O rosto de Lúcia tornou-se tão vermelho quanto seus cabelos.

—-O quê?! Não acredito que ela está fazendo isso!- Vale manteu-se em silêncio.- Susana e suas ideias birutas.

—-Acha biruta eu me casar com Pedro?- havia um tom magoado em Vale.

—-Claro que não! Você gosta dele. Isso seria bom, se a vontade viesse de Pedro também. O que me incomoda é o fato de Susana querer que isso aconteça depressa. Ela pouco se importa com o sentimento das pessoas. Tudo que ela quer é manter as boas aparências e isso me irrita profundamente. Ela vive me enchendo de conselhos sobre os príncipes da Arquelândia.- revirou os olhos.- Se incomoda com a vida dos outros, mas com a própria não.

Valentina continuou calada. Lúcia suspirou.

—-Vale, não me interprete mal. Eu adoraria e apoiaria de todo bom grado um casamento entre você e meu irmão, mas não acho que um casamento forçado fosse ser algo bom. Gosto de casamentos com sentimentos, e não baseado em políticas.

—-Sim, eu concordo.

—-Além de que entre você e meu irmão, não duvido que algo de bom acontecesse.- acrescentou e sorriu. Porém, Vale não retribuiu.

—-Não foi isso que ouvi.

—-Como assim?

—-Pedro disse que jamais se casaria comigo. Que eu era uma criança.- e fitou as mãos raladas de tanto divertir-se com os cavalos e espadas.
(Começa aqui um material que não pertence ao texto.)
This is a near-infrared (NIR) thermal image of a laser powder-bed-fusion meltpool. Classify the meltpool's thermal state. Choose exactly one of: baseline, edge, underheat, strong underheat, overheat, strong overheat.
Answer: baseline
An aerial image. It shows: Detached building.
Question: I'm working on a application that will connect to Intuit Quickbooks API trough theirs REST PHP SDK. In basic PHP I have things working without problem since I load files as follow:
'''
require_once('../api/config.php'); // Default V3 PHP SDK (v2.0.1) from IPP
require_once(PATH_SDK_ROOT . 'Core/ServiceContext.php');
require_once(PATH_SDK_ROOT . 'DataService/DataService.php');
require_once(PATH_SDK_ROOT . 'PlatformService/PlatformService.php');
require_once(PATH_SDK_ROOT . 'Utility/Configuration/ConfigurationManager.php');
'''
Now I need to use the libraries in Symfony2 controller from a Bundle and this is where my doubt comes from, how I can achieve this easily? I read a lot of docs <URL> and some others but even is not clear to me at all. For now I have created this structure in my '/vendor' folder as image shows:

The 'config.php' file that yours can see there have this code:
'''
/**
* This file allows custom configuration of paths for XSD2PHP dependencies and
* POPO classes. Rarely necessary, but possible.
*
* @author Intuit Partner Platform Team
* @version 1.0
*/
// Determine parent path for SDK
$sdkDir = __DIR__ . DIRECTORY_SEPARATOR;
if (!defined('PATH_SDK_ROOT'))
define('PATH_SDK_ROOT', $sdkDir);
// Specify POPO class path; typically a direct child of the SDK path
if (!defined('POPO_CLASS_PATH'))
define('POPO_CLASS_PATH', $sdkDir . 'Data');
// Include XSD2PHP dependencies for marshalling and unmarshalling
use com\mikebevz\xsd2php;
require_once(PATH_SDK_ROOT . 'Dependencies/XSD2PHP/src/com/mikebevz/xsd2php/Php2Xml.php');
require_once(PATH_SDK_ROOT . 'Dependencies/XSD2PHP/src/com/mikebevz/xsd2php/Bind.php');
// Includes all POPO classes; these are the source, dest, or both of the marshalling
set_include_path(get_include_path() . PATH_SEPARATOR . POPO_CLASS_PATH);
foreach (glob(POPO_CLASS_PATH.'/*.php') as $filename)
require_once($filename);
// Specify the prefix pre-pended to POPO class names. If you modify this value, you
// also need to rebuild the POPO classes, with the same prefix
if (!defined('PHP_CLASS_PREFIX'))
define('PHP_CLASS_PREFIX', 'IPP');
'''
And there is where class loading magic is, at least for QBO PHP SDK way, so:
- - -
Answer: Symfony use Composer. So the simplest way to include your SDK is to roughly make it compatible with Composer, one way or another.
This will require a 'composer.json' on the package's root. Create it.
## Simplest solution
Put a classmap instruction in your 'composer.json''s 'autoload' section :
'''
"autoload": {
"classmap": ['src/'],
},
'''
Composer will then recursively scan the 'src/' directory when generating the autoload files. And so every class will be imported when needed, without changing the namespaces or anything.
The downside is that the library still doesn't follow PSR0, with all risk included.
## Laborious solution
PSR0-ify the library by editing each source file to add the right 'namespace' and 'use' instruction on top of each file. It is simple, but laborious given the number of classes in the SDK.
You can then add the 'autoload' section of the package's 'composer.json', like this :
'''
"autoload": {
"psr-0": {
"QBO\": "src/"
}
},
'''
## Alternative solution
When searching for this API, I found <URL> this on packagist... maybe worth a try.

Sorriu amargamente. Talvez até tenha razão.

—-Pedro disse isso?- Vale apenas balançou a cabeça, confirmando.- Mas eu achava que... ele pudesse gostar de você.- murmurou, desconcertada.
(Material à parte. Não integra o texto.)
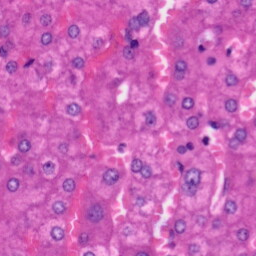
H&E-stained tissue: Liver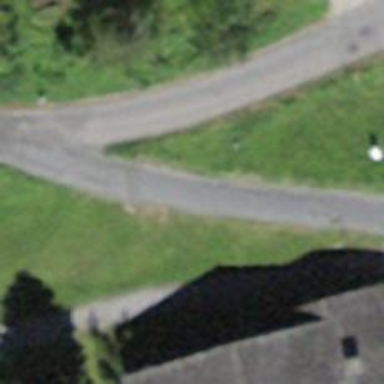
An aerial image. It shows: Residential road with asphalt surface.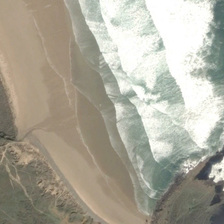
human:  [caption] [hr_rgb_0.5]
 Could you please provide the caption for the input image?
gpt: waves in green ocean are near a yellow beach .

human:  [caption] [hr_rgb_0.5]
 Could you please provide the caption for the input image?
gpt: waves in green ocean are near a yellow beach .

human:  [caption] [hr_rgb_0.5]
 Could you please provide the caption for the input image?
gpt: waves in green ocean are near a yellow beach .

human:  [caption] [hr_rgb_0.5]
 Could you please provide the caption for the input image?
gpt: waves in green ocean are near a yellow beach .

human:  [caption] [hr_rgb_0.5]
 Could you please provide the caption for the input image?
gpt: waves in green ocean are near a yellow beach .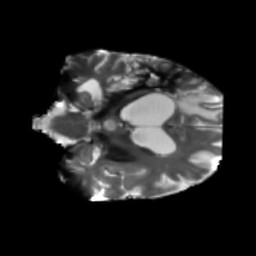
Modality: T2w
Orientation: coronal
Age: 67
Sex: male
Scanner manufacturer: siemens
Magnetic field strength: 3 T
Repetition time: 5.25 s
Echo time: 0.08 s

—-No fundo, eu também. Mas acho que todos tem suas ilusões desfeitas, não?- deu de ombros. Porém, sentiu as forças esvaírem e deixou mais algumas lágrimas rolarem.

—-Ah, Vale!- e Lúcia apressou-se para abraçá-la.- Está tudo bem. Meu irmão é um imbecil. Impressiona-me que seja mais que Edmundo.- a morena riu baixinho.- Olhe para mim.- e ela o fez.- Não fique assim. Ele não merece suas lágrimas.

—-Sei que não. E já sei o que vou fazer.- e exibiu um sorriso acompanhada de um brilho esperto nos olhos.

Lúcia revirou os olhos.

—-E por que não estou surpresa? O que vai fazer?

—-Seguirei em frente. Pedro não é o único homem em Nárnia ou qualquer outro lugar.

—-E de onde tirou essa força?

—-Ando lendo alguns romances distintos.- explicou e balançou um livro na mão.- E não, não serei uma Julieta enfadonha que espera por seu Romeu. Basta de Shakespeare.

Lúcia jogou a cabeça para trás e riu.

—-Gostei disso, mas não insulte Shakespeare. Era um bom romancista.

—-Sim, mas não sou uma Julieta. E não serei enfadonha.- deixou o livro na mesa de canto e levantou-se.- Concorda comigo?

—-Mais do que nunca. Ah, e Vale.

—-Sim?

—-Se for possível, quebre a cara do meu irmão.

—-E como eu faria isso?

Lúcia sorriu.

—-Lembre-se: Quinze anos é uma idade que nunca esquecemos.